The first step is to re-index the whole database and can be done immediately.

This will

Rebuild all non-unique indexes and address the issue of records not being returned by these indexes.
It will rebuild any unique indexes which can be.
It will also identify which unique indexes cannot be rebuilt, scoping what other work needs doing.

On the face of it, the following would be sufficient, but this command fails on the first invalid index.

REINDEX DATABASE CONCURRENTLY gitlabhq_production;

Instead, use the below code where each table will be re-index in sequence, and then reindex.out analysed to identify failures.

Run this on the server that runs the PostgreSQL instance - the GitLab server if it's a single node install, the Patroni leader. If the environment uses Geo, run it on the primary site. All changes will get replicated by PostgreSQL to Patroni replicas and Geo secondary sites.
The output will list the tables as the reindex progresses, with errors for each table when they occur.
This operations must be protected and allowed to complete. Use screen or some other mechanism to ensure your session is not terminated by SSH timeouts, network glitches etc. If the session drops, you'll need to DROP the partially recreated _ccnew indexes it will leave behind.

Code for reindex table by table

Run this in a screen or tmux session to ensure it completes.

echo "SELECT  concat_ws('.',schemaname,tablename)  FROM pg_catalog.pg_tables where schemaname in ('public','gitlab_partitions_static','gitlab_partitions_dynamic')" | gitlab-psql | \
    egrep '^ public|^ gitlab' | \
while read t
  do
    echo "#### TABLE: $t"
    echo "SET statement_timeout = 0;  REINDEX TABLE CONCURRENTLY $t"| gitlab-psql 2>&1
  done | \
     tee -a reindex.out

Fix unique indexes

There's detailed steps for each affected index/table, to account for different foreign key relationships, and how the product features that use that data behave.

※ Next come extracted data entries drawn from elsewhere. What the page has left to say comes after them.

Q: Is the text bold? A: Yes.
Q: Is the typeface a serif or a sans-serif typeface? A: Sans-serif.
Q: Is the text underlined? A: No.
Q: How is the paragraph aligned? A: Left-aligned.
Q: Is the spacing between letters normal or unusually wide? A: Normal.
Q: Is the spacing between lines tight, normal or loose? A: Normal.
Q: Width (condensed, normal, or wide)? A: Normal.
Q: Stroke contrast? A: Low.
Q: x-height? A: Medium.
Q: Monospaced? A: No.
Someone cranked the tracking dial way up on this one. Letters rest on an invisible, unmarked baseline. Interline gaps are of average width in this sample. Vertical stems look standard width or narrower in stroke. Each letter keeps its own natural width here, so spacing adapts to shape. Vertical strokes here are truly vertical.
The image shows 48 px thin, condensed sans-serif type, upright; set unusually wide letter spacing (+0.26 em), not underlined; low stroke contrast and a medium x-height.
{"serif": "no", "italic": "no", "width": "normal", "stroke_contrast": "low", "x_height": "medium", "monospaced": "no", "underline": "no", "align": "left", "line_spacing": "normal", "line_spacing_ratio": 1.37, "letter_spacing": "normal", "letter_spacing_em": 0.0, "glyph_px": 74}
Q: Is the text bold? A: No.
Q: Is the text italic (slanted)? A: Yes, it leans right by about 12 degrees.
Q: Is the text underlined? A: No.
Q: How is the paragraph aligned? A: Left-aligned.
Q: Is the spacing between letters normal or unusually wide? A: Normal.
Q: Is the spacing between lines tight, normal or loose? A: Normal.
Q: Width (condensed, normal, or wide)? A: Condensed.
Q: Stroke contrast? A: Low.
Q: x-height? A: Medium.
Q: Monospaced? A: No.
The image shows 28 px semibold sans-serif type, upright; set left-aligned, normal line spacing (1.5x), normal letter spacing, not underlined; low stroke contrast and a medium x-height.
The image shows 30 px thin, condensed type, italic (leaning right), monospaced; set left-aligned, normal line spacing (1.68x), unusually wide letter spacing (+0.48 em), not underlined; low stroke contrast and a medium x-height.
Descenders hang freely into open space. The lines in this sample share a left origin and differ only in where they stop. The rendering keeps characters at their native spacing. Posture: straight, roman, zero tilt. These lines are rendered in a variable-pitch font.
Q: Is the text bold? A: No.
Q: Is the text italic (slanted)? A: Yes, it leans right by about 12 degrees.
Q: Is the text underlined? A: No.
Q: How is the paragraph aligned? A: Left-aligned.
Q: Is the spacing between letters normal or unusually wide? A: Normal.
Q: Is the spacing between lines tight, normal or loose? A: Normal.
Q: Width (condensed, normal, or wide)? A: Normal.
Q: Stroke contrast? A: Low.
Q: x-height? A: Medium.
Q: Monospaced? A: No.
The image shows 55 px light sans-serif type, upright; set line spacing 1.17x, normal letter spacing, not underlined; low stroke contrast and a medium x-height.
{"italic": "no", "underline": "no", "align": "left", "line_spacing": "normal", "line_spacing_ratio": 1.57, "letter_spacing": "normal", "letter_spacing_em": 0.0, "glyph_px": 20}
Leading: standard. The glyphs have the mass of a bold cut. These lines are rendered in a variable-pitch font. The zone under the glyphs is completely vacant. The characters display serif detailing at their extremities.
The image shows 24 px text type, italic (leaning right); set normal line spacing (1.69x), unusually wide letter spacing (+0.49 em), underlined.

Reads over the affected table to need to bypass the affected index, since it is unable to return accurate results, so index scanning is disabled as needed:

set enable_indexscan TO off;  
set enable_bitmapscan TO off;

The general process is

Figure out the scale of duplication on the affected table.
Figure out which foreign keys are also affected; that is, how many records in other tables will need modifying first, and which tables (if any) have no affected records.
Fix the records in the other tables.
- The non-uniqueness is expected to comprise pairs of rows: the old record and the new one - one created when old glibc was in use, and one for new glibc.
- If there are additional duplicates, analysis is required to work out why. If the unique index shows as NOT VALID then it might not be enforcing uniqueness at all.
Verify no more records on other tables need fixing.
Delete records on the table to restore uniqueness.
Reindex the table.

Zooming out, there are tables which are easier to fix, for example because there are no foreign keys. And other tables with a lot of foreign keys that are harder fix.

Reduce the number of affected tables as quickly as possible by doing the easy tables first.